• _What the task asks_
Under this line are records; the part from the line containing "FILE_NAME(/* name */" through the line containing "Faces by surface type: plane 2905, bspline" should be repeated exactly. Please exclude pictures.

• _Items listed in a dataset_
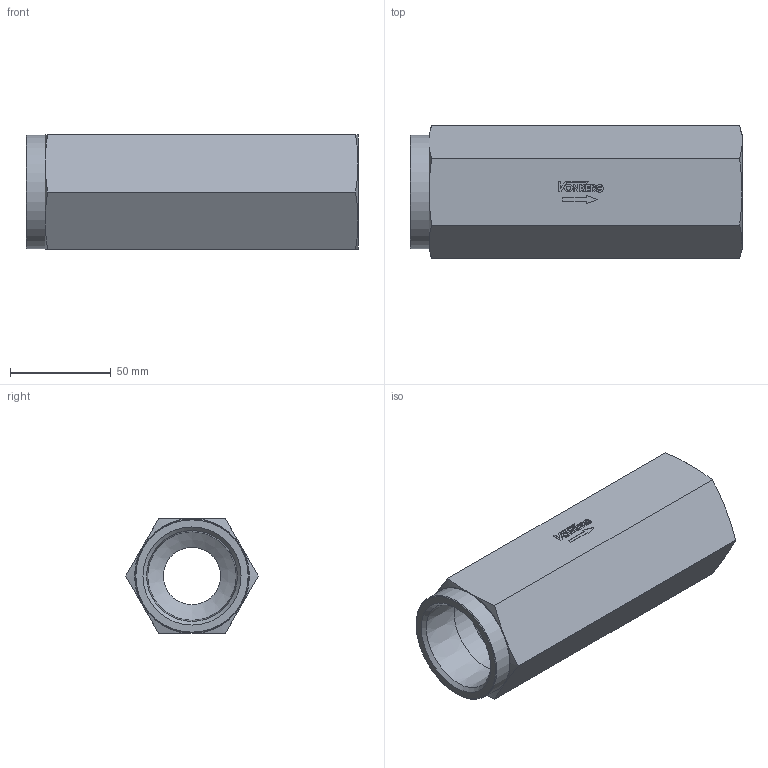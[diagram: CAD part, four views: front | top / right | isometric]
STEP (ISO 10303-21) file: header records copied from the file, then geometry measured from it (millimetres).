
FILE_DESCRIPTION((''),'2;1');
FILE_NAME('10301-112.stp','2015-01-02T14:14:30',('jml'),(''),'Autodesk Inventor 2010','Autodesk Inventor 2010','');
FILE_SCHEMA(('AUTOMOTIVE_DESIGN { 1 0 10303 214 1 1 1 1 }'));
Length unit declared in the file: inch
Products named in the file (1): 10301-112
Bounding box: 165.1 x 65.99 x 57.15 mm (x, y, z)
Volume: 295809.9 mm3; surface area: 53712.8 mm2
Topology: 1 solids, 1 shells, 130 faces, 327 edges, 213 vertices
Faces by surface type: plane 92, cylinder 19, cone 19
Full cylindrical faces by diameter (mm): 2.088 x1, 28.575 x1, 44.044 x2, 56.642 x1
Entity records: 3848 total; most frequent: CARTESIAN_POINT 695, ORIENTED_EDGE 618, DIRECTION 602, EDGE_CURVE 309, VECTOR 230, LINE 230, VERTEX_POINT 207, AXIS2_PLACEMENT_3D 186
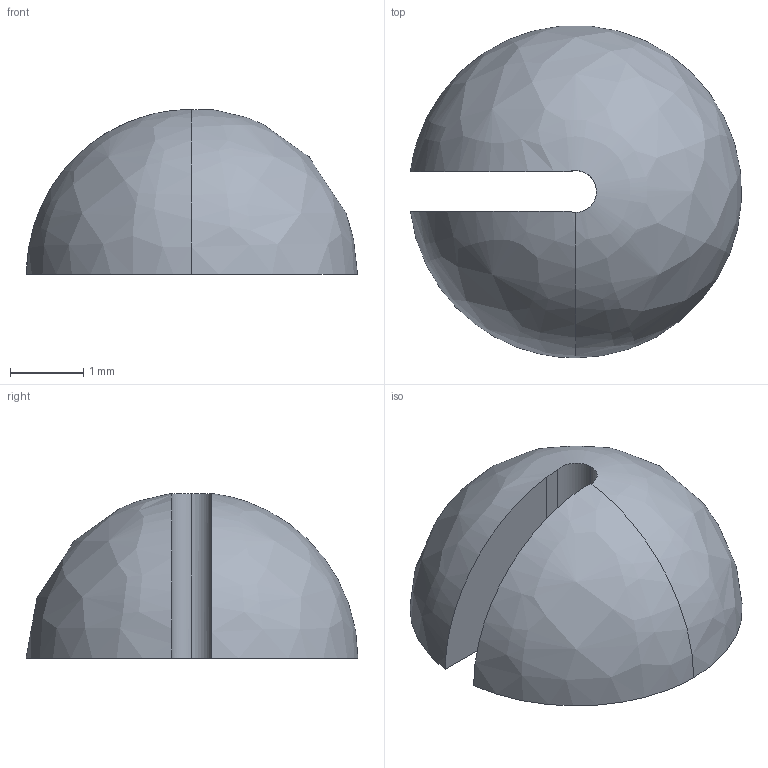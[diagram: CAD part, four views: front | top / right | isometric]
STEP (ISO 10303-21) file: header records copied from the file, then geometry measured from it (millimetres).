
FILE_DESCRIPTION(/* description */ (''),/* implementation_level */ '2;1');
FILE_NAME(/* name */ 'LAMPE-~2',/* time_stamp */ '2020-09-29T17:33:43+02:00',/* author */ (''),/* organization */ (''),/* preprocessor_version */ 'ST-DEVELOPER v16.5',/* originating_system */ '',/* authorisation */ '');
FILE_SCHEMA (('AUTOMOTIVE_DESIGN'));
Length unit declared in the file: millimetre
Products named in the file (1): Document
Bounding box: 4.53 x 4.55 x 2.26 mm (x, y, z)
Surface area: 40.6 mm2 (no closed solid volume)
Topology: 0 solids, 1 shells, 8 faces, 21 edges, 14 vertices
Faces by surface type: plane 4, bspline 4
Entity records: 420 total; most frequent: CARTESIAN_POINT 267, ORIENTED_EDGE 34, EDGE_CURVE 21, B_SPLINE_CURVE_WITH_KNOTS 14, VERTEX_POINT 14, ADVANCED_FACE 8, FACE_OUTER_BOUND 8, EDGE_LOOP 8
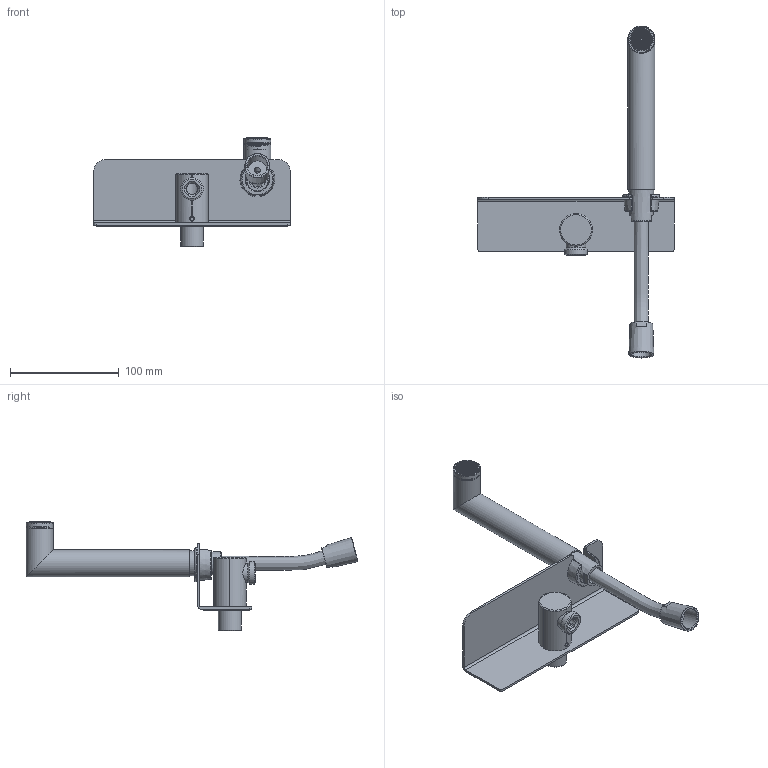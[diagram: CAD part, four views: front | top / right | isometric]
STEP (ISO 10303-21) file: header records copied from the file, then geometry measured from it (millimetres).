
FILE_DESCRIPTION(('STEP AP214'),'1');
FILE_NAME('Art.22510.stp','2022-09-05T07:42:29',(' '),(' '),'Spatial InterOp 3D',' ',' ');
FILE_SCHEMA(('AUTOMOTIVE_DESIGN { 1 0 10303 214 1 1 1 1 }'));
Length unit declared in the file: millimetre
Products named in the file (1): Art.22510
Bounding box: 180 x 304.65 x 100.8 mm (x, y, z)
Volume: 137939.5 mm3; surface area: 106125.8 mm2
Topology: 1 solids, 16 shells, 4134 faces, 11389 edges, 7523 vertices
Faces by surface type: plane 2905, bspline 477, cylinder 430, cone 199, torus 111, sphere 11, extrusion 1
Full cylindrical faces by diameter (mm): 0.75 x6, 0.8 x6, 1.4 x2, 1.5 x1, 2.2 x1, 3.3 x1, 5.5 x2, 7 x1, 8 x1, 8.9 x2, 10 x2, 10.5 x1, 11.5 x2, 13.8 x1, 14.5 x1, 14.8 x3, 15 x2, 15.1 x1, 15.6 x1, 16 x4, 17.631 x2, 17.8 x2, 18.2 x1, 18.631 x2, 18.955 x1, 19 x2, 20.935 x1, 20.955 x2, 21 x1, 21.6 x3
Entity records: 188885 total; most frequent: CARTESIAN_POINT 51624, DIRECTION 21918, ORIENTED_EDGE 21758, EDGE_CURVE 10879, AXIS2_PLACEMENT_3D 9006, VERTEX_POINT 7351, EDGE_LOOP 5310, CIRCLE 5047
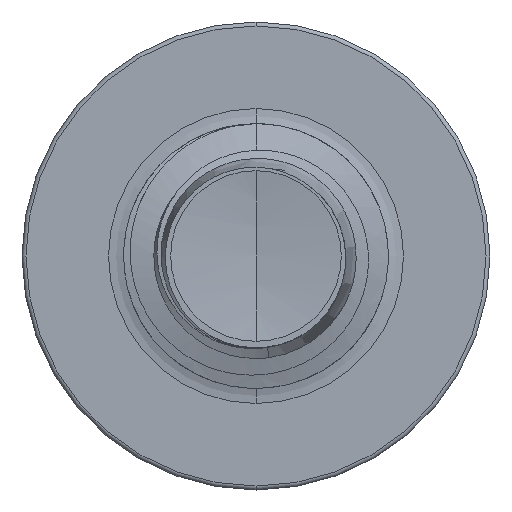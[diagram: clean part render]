
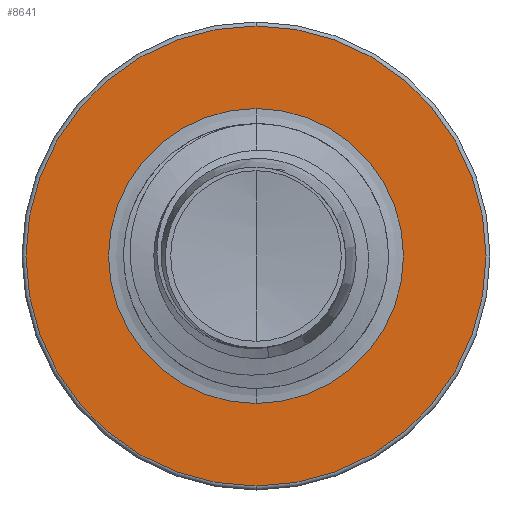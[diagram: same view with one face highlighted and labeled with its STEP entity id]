
A CAD part, front view. The second image highlights one B-rep face of the part: STEP entity #8641.
In plain terms, the highlighted planar face has unit normal (0, -1, 0).
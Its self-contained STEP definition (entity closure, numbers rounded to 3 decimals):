
#1307 = VERTEX_POINT ( 'NONE', #16350 ) ;
#1354 = VERTEX_POINT ( 'NONE', #9088 ) ;
#2070 = CIRCLE ( 'NONE', #15402, 2.605 ) ;
#2374 = AXIS2_PLACEMENT_3D ( 'NONE', #2895, #2875, #2859 ) ;
#2615 = FACE_BOUND ( 'NONE', #9420, .T. ) ;
#2859 = DIRECTION ( 'NONE',  ( 0., 0., 1. ) ) ;
#2875 = DIRECTION ( 'NONE',  ( 0., 1., 0. ) ) ;
#2895 = CARTESIAN_POINT ( 'NONE',  ( 0., 4.5, 0. ) ) ;
#2935 = CIRCLE ( 'NONE', #14574, 2.605 ) ;
#3937 = EDGE_CURVE ( 'NONE', #13507, #14799, #2070, .T. ) ;
#4250 = ORIENTED_EDGE ( 'NONE', *, *, #3937, .F. ) ;
#4311 = CIRCLE ( 'NONE', #2374, 1.67 ) ;
#5574 = DIRECTION ( 'NONE',  ( 0., 0., 1. ) ) ;
#5603 = CARTESIAN_POINT ( 'NONE',  ( 0., 4.5, 0. ) ) ;
#5604 = DIRECTION ( 'NONE',  ( 0., 1., 0. ) ) ;
#5606 = CARTESIAN_POINT ( 'NONE',  ( 0., 4.5, 0. ) ) ;
#6864 = DIRECTION ( 'NONE',  ( 0., 1., 0. ) ) ;
#7146 = DIRECTION ( 'NONE',  ( 0., 0., 1. ) ) ;
#8641 = ADVANCED_FACE ( 'NONE', ( #15782, #2615 ), #12396, .F. ) ;
#8679 = CIRCLE ( 'NONE', #8757, 1.67 ) ;
#8757 = AXIS2_PLACEMENT_3D ( 'NONE', #14395, #6864, #15193 ) ;
#9088 = CARTESIAN_POINT ( 'NONE',  ( 0., 4.5, -1.67 ) ) ;
#9420 = EDGE_LOOP ( 'NONE', ( #15756, #15221 ) ) ;
#10734 = DIRECTION ( 'NONE',  ( 0., 0., 1. ) ) ;
#10753 = DIRECTION ( 'NONE',  ( 0., 1., 0. ) ) ;
#11693 = EDGE_CURVE ( 'NONE', #1354, #1307, #4311, .T. ) ;
#12396 = PLANE ( 'NONE',  #15717 ) ;
#12468 = CARTESIAN_POINT ( 'NONE',  ( 0., 4.5, -1.67 ) ) ;
#13146 = CARTESIAN_POINT ( 'NONE',  ( 0., 4.5, 2.605 ) ) ;
#13432 = ORIENTED_EDGE ( 'NONE', *, *, #14372, .F. ) ;
#13507 = VERTEX_POINT ( 'NONE', #13146 ) ;
#14372 = EDGE_CURVE ( 'NONE', #14799, #13507, #2935, .T. ) ;
#14395 = CARTESIAN_POINT ( 'NONE',  ( 0., 4.5, 0. ) ) ;
#14547 = DIRECTION ( 'NONE',  ( 0., 1., 0. ) ) ;
#14574 = AXIS2_PLACEMENT_3D ( 'NONE', #5603, #14547, #7146 ) ;
#14799 = VERTEX_POINT ( 'NONE', #14937 ) ;
#14918 = EDGE_CURVE ( 'NONE', #1307, #1354, #8679, .T. ) ;
#14937 = CARTESIAN_POINT ( 'NONE',  ( 0., 4.5, -2.605 ) ) ;
#15193 = DIRECTION ( 'NONE',  ( 0., 0., 1. ) ) ;
#15221 = ORIENTED_EDGE ( 'NONE', *, *, #11693, .T. ) ;
#15402 = AXIS2_PLACEMENT_3D ( 'NONE', #5606, #5604, #5574 ) ;
#15683 = EDGE_LOOP ( 'NONE', ( #4250, #13432 ) ) ;
#15717 = AXIS2_PLACEMENT_3D ( 'NONE', #12468, #10753, #10734 ) ;
#15756 = ORIENTED_EDGE ( 'NONE', *, *, #14918, .T. ) ;
#15782 = FACE_OUTER_BOUND ( 'NONE', #15683, .T. ) ;
#16350 = CARTESIAN_POINT ( 'NONE',  ( 0., 4.5, 1.67 ) ) ;

• _Completed exercise_
FILE_NAME(/* name */ 'LAMPE-~2',/* time_stamp */ '2020-09-29T17:33:43+02:00',/* author */ (''),/* organization */ (''),/* preprocessor_version */ 'ST-DEVELOPER v16.5',/* originating_system */ '',/* authorisation */ '');
FILE_SCHEMA (('AUTOMOTIVE_DESIGN'));
Length unit declared in the file: millimetre
Products named in the file (1): Document
Bounding box: 4.53 x 4.55 x 2.26 mm (x, y, z)
Surface area: 40.6 mm2 (no closed solid volume)
Topology: 0 solids, 1 shells, 8 faces, 21 edges, 14 vertices
Faces by surface type: plane 4, bspline 4
Entity records: 420 total; most frequent: CARTESIAN_POINT 267, ORIENTED_EDGE 34, EDGE_CURVE 21, B_SPLINE_CURVE_WITH_KNOTS 14, VERTEX_POINT 14, ADVANCED_FACE 8, FACE_OUTER_BOUND 8, EDGE_LOOP 8
[diagram: CAD part, four views: front | top / right | isometric]
STEP (ISO 10303-21) file: header records copied from the file, then geometry measured from it (millimetres).
FILE_DESCRIPTION(('STEP AP214'),'1');
FILE_NAME('Art.22510.stp','2022-09-05T07:42:29',(' '),(' '),'Spatial InterOp 3D',' ',' ');
FILE_SCHEMA(('AUTOMOTIVE_DESIGN { 1 0 10303 214 1 1 1 1 }'));
Length unit declared in the file: millimetre
Products named in the file (1): Art.22510
Bounding box: 180 x 304.65 x 100.8 mm (x, y, z)
Volume: 137939.5 mm3; surface area: 106125.8 mm2
Topology: 1 solids, 16 shells, 4134 faces, 11389 edges, 7523 vertices
Faces by surface type: plane 2905, bspline 477, cylinder 430, cone 199, torus 111, sphere 11, extrusion 1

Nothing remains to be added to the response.